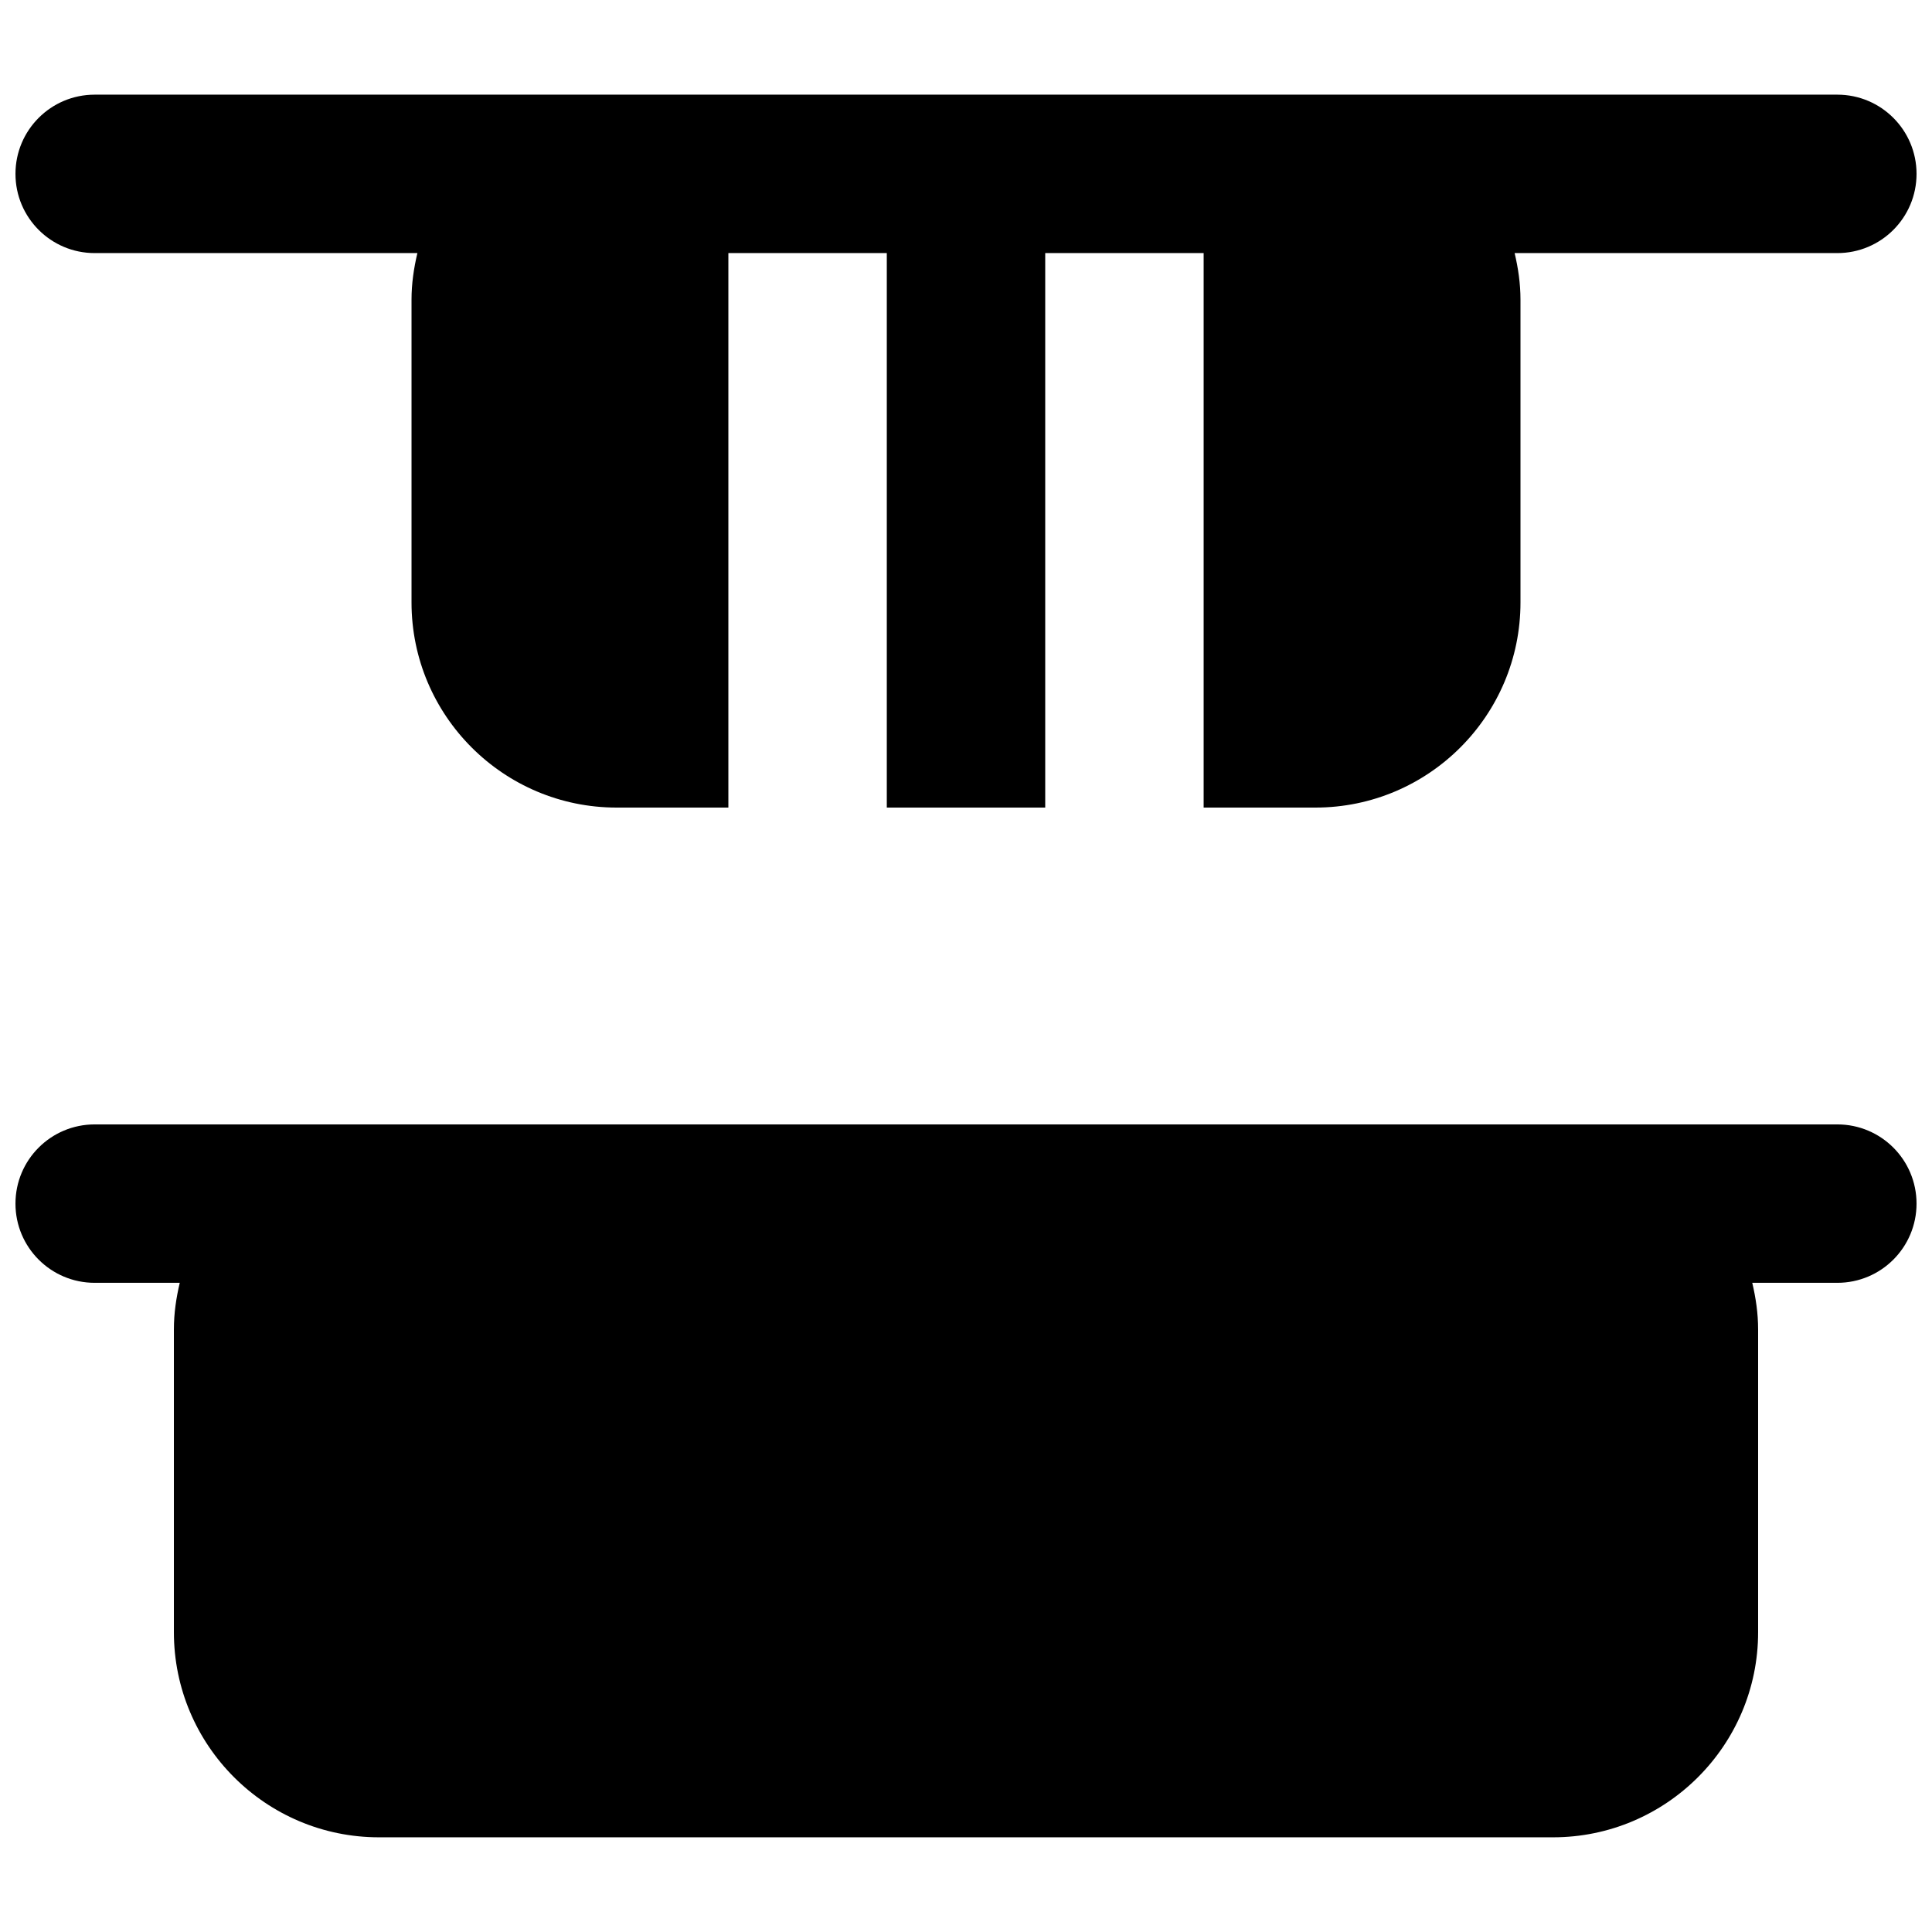 <?xml version="1.0" encoding="UTF-8"?>
<!-- Uploaded to: SVG Repo, www.svgrepo.com, Generator: SVG Repo Mixer Tools -->
<svg width="800px" height="800px" version="1.1" viewBox="144 144 512 512" xmlns="http://www.w3.org/2000/svg">
 <defs>
  <clipPath id="b">
   <path d="m148.09 169h503.81v190h-503.81z"/>
  </clipPath>
  <clipPath id="a">
   <path d="m148.09 441h503.81v190h-503.81z"/>
  </clipPath>
 </defs>
 <g>
  <g clip-path="url(#b)">
   <path d="m169.09 211.07h85.523c-0.945 3.988-1.555 8.082-1.555 12.363v80.23c0 29.98 24.371 54.352 54.348 54.352h29.621v-146.95h41.984v146.95h41.984v-146.95h41.984v146.95h29.617c29.977 0 54.348-24.371 54.348-54.352v-80.23c0-4.281-0.605-8.375-1.551-12.363h85.52c11.609 0 20.992-9.406 20.992-20.992s-9.383-20.992-20.992-20.992h-461.82c-11.609 0-20.992 9.406-20.992 20.992s9.383 20.992 20.992 20.992" fill-rule="evenodd"/>
  </g>
  <g clip-path="url(#a)">
   <path d="m630.91 441.98h-461.82c-11.609 0-20.992 9.402-20.992 20.992 0 11.586 9.383 20.988 20.992 20.988h22.547c-0.945 3.992-1.555 8.082-1.555 12.367v80.23c0 29.977 24.371 54.348 54.348 54.348h311.14c29.977 0 54.348-24.371 54.348-54.348v-80.23c0-4.285-0.609-8.375-1.551-12.367h22.543c11.609 0 20.992-9.402 20.992-20.988 0-11.59-9.383-20.992-20.992-20.992" fill-rule="evenodd"/>
  </g>
 </g>
</svg>
□ □ □ □ □
Task item
Among the lines of the material, find those that hold the word "clipPath" and copy them.

Answer box
  <clipPath id="b">
  </clipPath>
  <clipPath id="a">
  </clipPath>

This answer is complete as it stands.